The lack of physical togetherness also shows up in the technology. Several people muted their video for bandwidth purposes as soon as we started writing. Which is entirely understandable, but does leave you with a pane of greyed-out windows. Most laptops point their webcams at people’s faces – so you can’t actually see them typing. And we found that – when the zoom window was minimised into a corner to allow people to actually type on the same screen – everyone but the group facilitator disappears… creating added pressure on the facilitator to be busy!

These things added together make for a feeling of ‘voluntary commitment’ to a time of writing, rather than the kind of group practice that comes from a physical retreat.

But those attending said that the knowledge that they were meeting up at the end of the writing sections to stretch (I’ll never be Joe Wicks, mind), and for break-time, was enough to keep them focused and on-track.

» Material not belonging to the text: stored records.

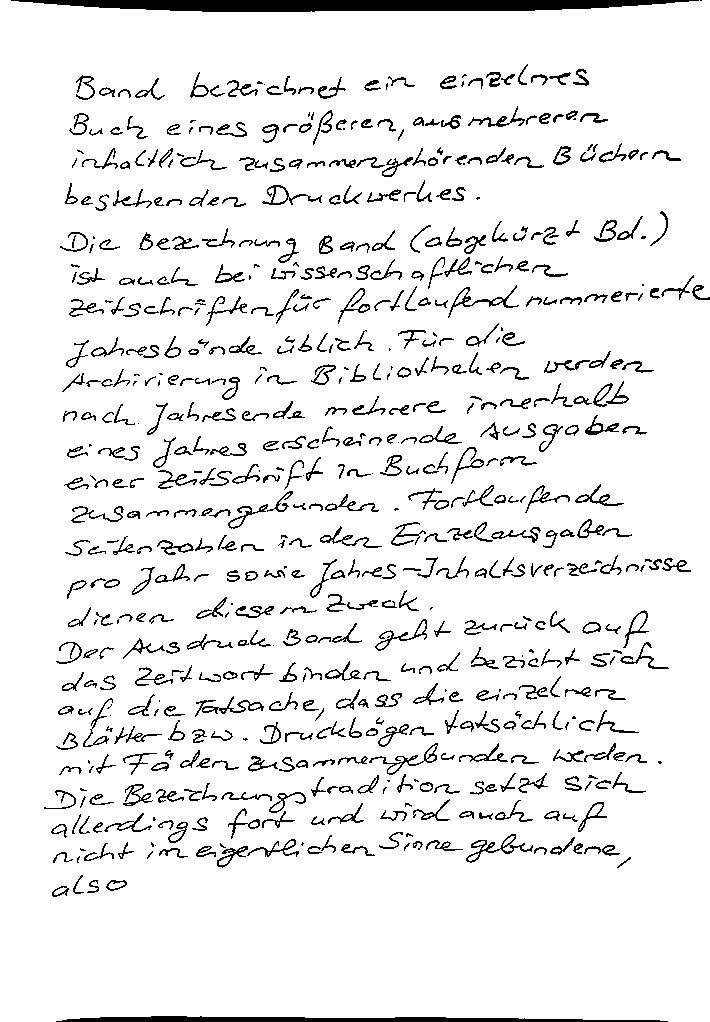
Band bezeichnet ein einzelnes
Buch eines größeren, aus mehreren
inhaltlich zusammengehörenden Büchern
bestehenden Druckwerkes.
Die Bezeichnung Band (abgekürzt Bd.)
ist auch bei wissenschaftlichen
Zeitschriften für fortlaufend nummerierte
Jahresbände üblich. Für die
Archivierung in Bibliotheken werden
nach Jahresende mehrere innerhalb
eines Jahres erscheinende Ausgaben
einer Zeitschrift in Buchform
zusammengebunden. Fortlaufende
Seitenzahlen in den Einzelausgaben
pro Jahr sowie Jahres-Inhaltsverzeichnisse
dienen diesem Zweck.
Der Ausdruck Band geht zurück auf
das Zeitwort binden und bezieht sich
auf die Tatsache, dass die einzelnen
Blätter bzw. Druckbögen tatsächlich
mit Fäden zusammengebunden werden.
Die Bezeichnungstradition setzt sich
allerdings fort und wird auch auf
nicht im eigentlichen Sinne gebundene,
also

And again, if the purpose of these workshops is to encourage strategies for improving personal writing practices… perhaps empowering people to ‘choose’ to write is actually not a bad thing.

The future

Clearly, there’s still a very good case for physically meeting up to write. In a poll that I took just as things were locking down, about 50% of those asked said that they’d still want to attend in person even if an online solution was offered.

However, even if online retreats aren’t going to replace physical ones, what a good online tool shows us is that an ideal solution might just be to run retreats both physically, and online. This is particularly the case when you consider that something like Zoom will allow up to 100 people in a meeting (and more, the more you pay).

You could also, potentially, set up an online writing space as often as you like, without incurring any extra cost… which means that you could – if you can devise a set of guidelines for how to manage the room – open up an online writing space that anyone can come and use at any time.